What the task requires -> Scan the listing below. Report each line that includes "italic".

START Data extract

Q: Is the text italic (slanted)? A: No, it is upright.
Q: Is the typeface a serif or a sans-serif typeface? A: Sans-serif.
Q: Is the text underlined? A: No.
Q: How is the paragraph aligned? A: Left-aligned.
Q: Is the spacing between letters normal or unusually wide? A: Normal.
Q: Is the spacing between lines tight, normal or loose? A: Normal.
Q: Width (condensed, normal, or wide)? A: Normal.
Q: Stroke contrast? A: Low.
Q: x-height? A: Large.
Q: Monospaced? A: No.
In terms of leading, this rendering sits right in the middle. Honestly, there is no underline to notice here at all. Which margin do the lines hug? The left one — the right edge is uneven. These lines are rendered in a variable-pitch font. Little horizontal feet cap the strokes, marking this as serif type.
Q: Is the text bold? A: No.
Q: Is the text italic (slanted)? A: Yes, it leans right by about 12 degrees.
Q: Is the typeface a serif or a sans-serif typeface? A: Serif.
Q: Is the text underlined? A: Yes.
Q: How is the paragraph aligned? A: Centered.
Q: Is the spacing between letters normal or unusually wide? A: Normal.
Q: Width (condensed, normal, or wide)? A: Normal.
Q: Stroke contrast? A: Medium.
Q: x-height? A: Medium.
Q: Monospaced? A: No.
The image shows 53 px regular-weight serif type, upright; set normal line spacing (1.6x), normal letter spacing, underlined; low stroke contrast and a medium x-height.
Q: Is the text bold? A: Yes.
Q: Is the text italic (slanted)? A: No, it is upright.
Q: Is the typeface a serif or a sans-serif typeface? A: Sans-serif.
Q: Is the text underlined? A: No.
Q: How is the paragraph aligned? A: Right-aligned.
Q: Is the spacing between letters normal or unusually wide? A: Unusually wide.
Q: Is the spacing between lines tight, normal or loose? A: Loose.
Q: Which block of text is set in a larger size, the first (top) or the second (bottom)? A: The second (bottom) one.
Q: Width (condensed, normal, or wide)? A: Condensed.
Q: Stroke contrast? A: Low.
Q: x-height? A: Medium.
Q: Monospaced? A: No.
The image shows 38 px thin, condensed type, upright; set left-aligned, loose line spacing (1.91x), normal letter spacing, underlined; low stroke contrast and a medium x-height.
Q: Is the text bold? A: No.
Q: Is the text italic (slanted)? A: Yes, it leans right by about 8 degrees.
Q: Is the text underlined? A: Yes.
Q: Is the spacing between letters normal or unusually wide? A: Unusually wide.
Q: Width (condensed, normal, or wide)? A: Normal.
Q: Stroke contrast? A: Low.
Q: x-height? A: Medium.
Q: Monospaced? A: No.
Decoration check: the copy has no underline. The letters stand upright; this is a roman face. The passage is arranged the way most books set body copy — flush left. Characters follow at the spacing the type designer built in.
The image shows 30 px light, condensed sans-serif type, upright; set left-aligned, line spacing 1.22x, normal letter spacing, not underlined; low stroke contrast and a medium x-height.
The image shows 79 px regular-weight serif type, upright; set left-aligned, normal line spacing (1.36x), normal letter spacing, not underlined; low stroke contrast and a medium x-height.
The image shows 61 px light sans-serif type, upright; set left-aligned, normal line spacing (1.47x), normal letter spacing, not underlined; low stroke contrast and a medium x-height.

END Data extract

Exercise solution ->
Q: Is the text italic (slanted)? A: No, it is upright.
Q: Is the text italic (slanted)? A: Yes, it leans right by about 12 degrees.
Q: Is the text italic (slanted)? A: No, it is upright.
Q: Is the text italic (slanted)? A: Yes, it leans right by about 8 degrees.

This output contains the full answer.